• _Activity_
Drop every picture and give the entries back exactly.

• _Data excerpts_
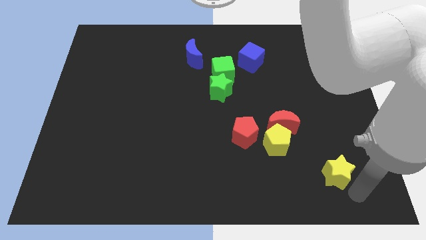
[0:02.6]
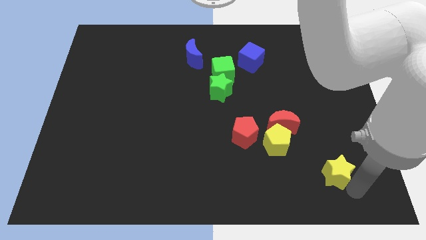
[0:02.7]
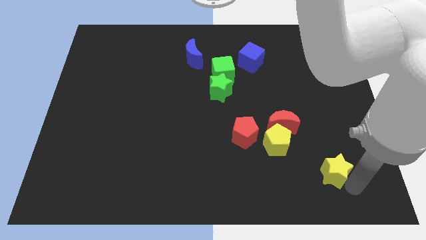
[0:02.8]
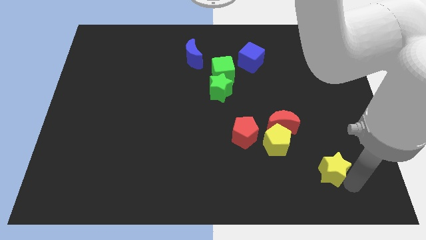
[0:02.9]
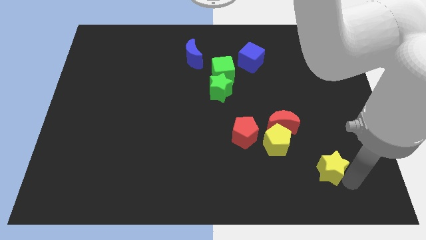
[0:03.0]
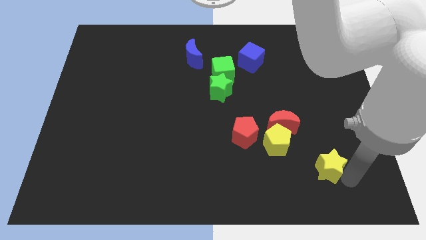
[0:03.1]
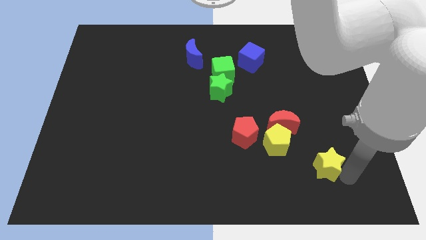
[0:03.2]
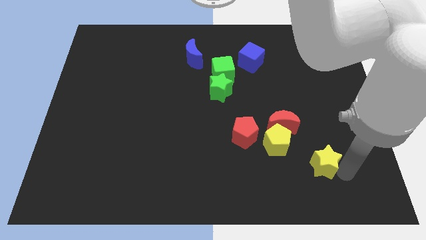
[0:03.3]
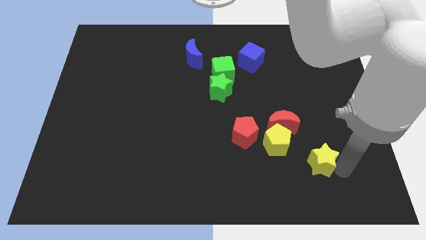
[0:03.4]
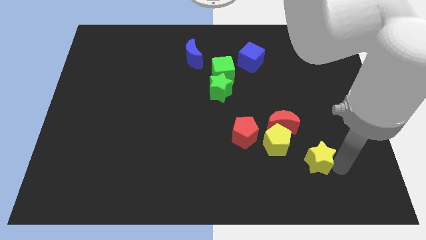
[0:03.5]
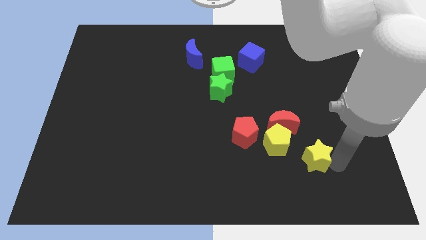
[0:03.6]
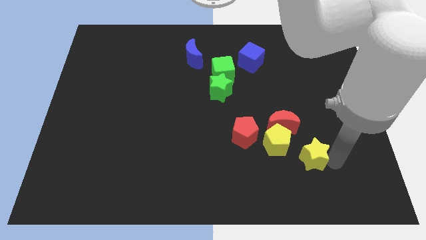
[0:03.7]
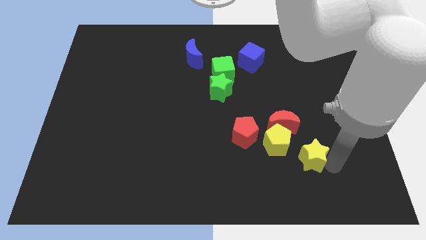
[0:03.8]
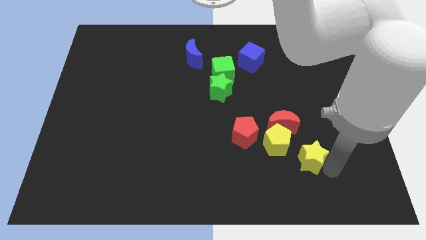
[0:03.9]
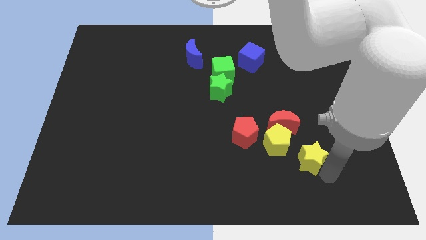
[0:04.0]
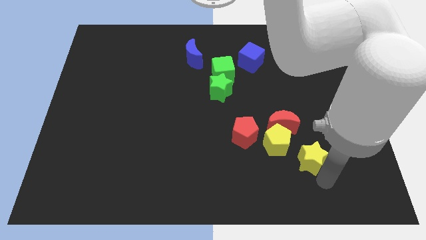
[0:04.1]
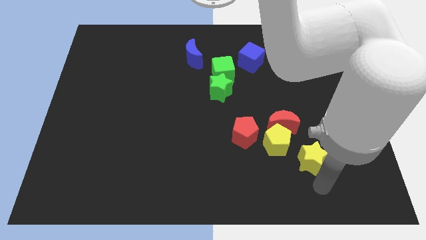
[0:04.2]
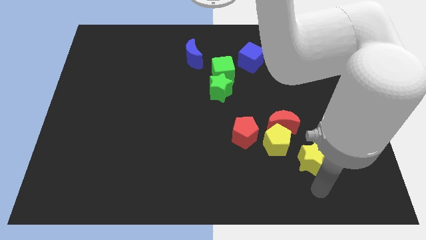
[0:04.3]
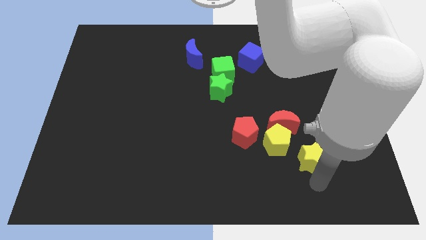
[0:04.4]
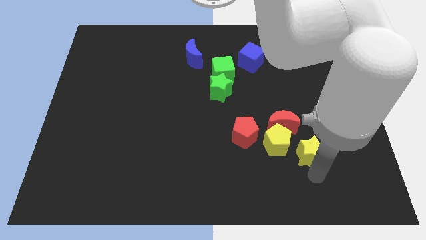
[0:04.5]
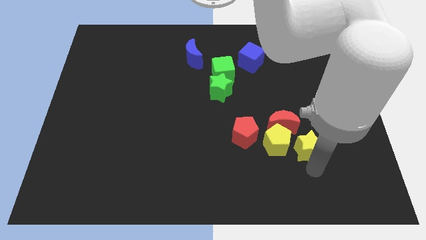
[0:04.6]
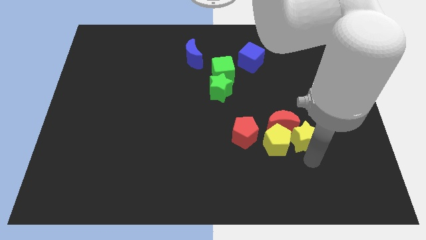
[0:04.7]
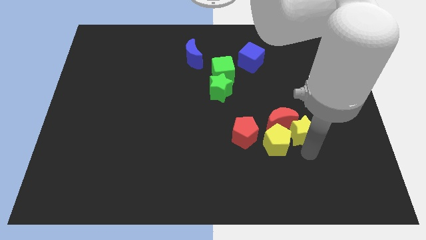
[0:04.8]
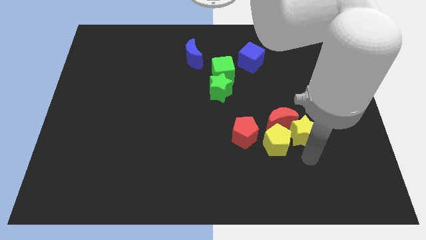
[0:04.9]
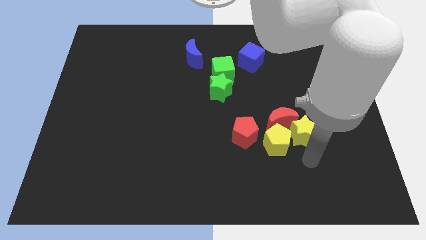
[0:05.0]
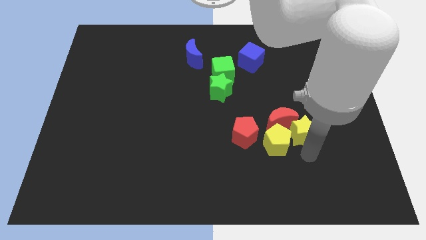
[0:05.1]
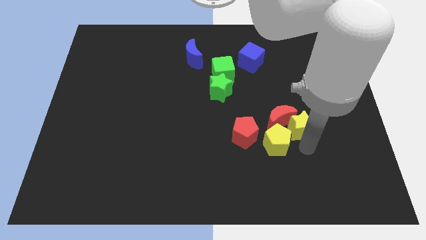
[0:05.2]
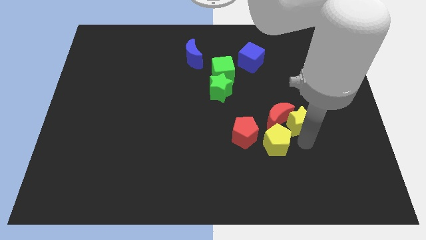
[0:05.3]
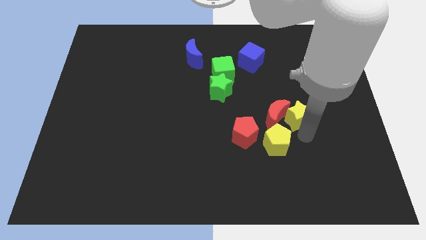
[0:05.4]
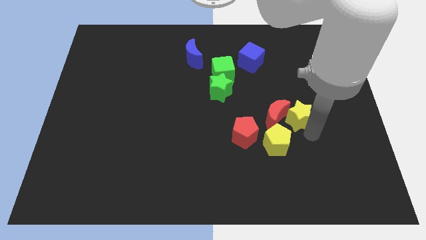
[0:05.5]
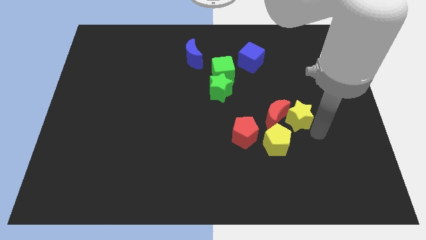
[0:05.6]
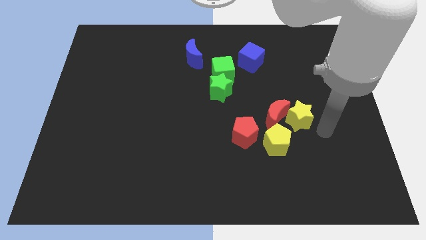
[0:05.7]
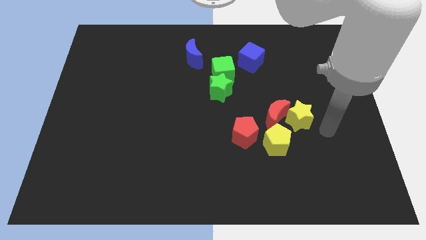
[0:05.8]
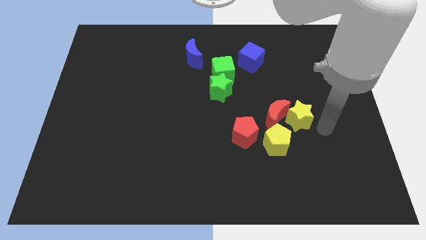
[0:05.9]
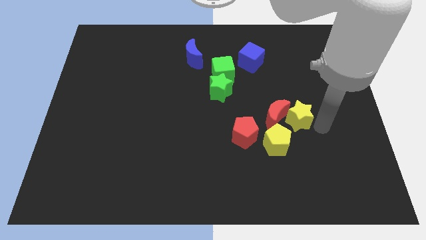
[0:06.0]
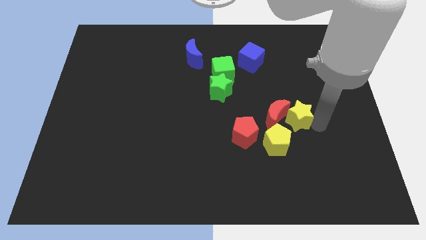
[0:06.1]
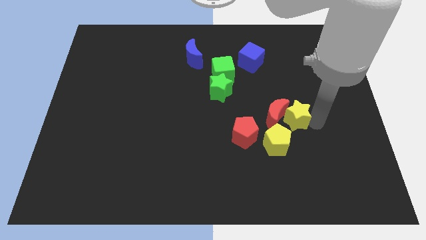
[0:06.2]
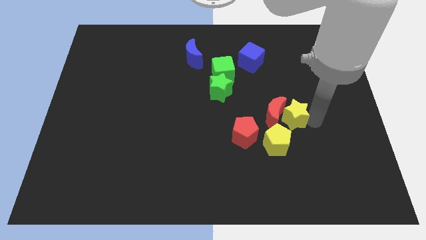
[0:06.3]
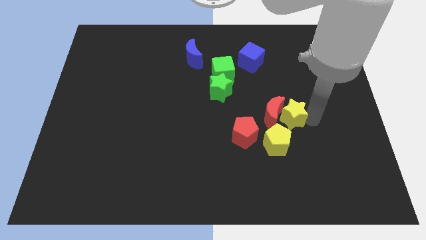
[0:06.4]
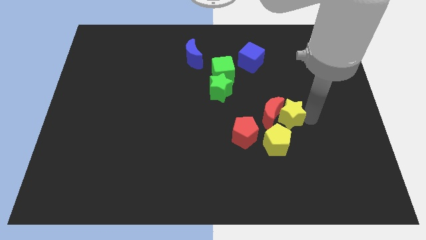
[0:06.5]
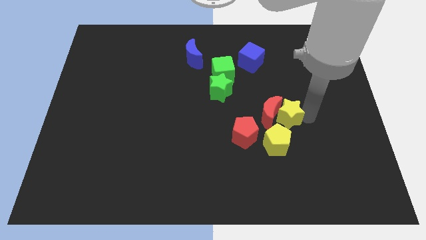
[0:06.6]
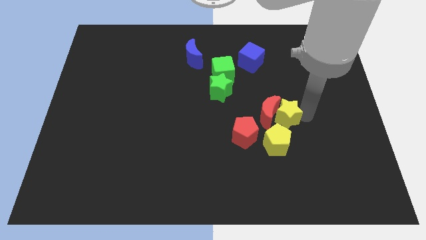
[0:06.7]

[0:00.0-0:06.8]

• _Written response_
[0:02.6]
[0:02.7]
[0:02.8]
[0:02.9]
[0:03.0]
[0:03.1]
[0:03.2]
[0:03.3]
[0:03.4]
[0:03.5]
[0:03.6]
[0:03.7]
[0:03.8]
[0:03.9]
[0:04.0]
[0:04.1]
[0:04.2]
[0:04.3]
[0:04.4]
[0:04.5]
[0:04.6]
[0:04.7]
[0:04.8]
[0:04.9]
[0:05.0]
[0:05.1]
[0:05.2]
[0:05.3]
[0:05.4]
[0:05.5]
[0:05.6]
[0:05.7]
[0:05.8]
[0:05.9]
[0:06.0]
[0:06.1]
[0:06.2]
[0:06.3]
[0:06.4]
[0:06.5]
[0:06.6]
[0:06.7]

[0:00.0-0:06.8]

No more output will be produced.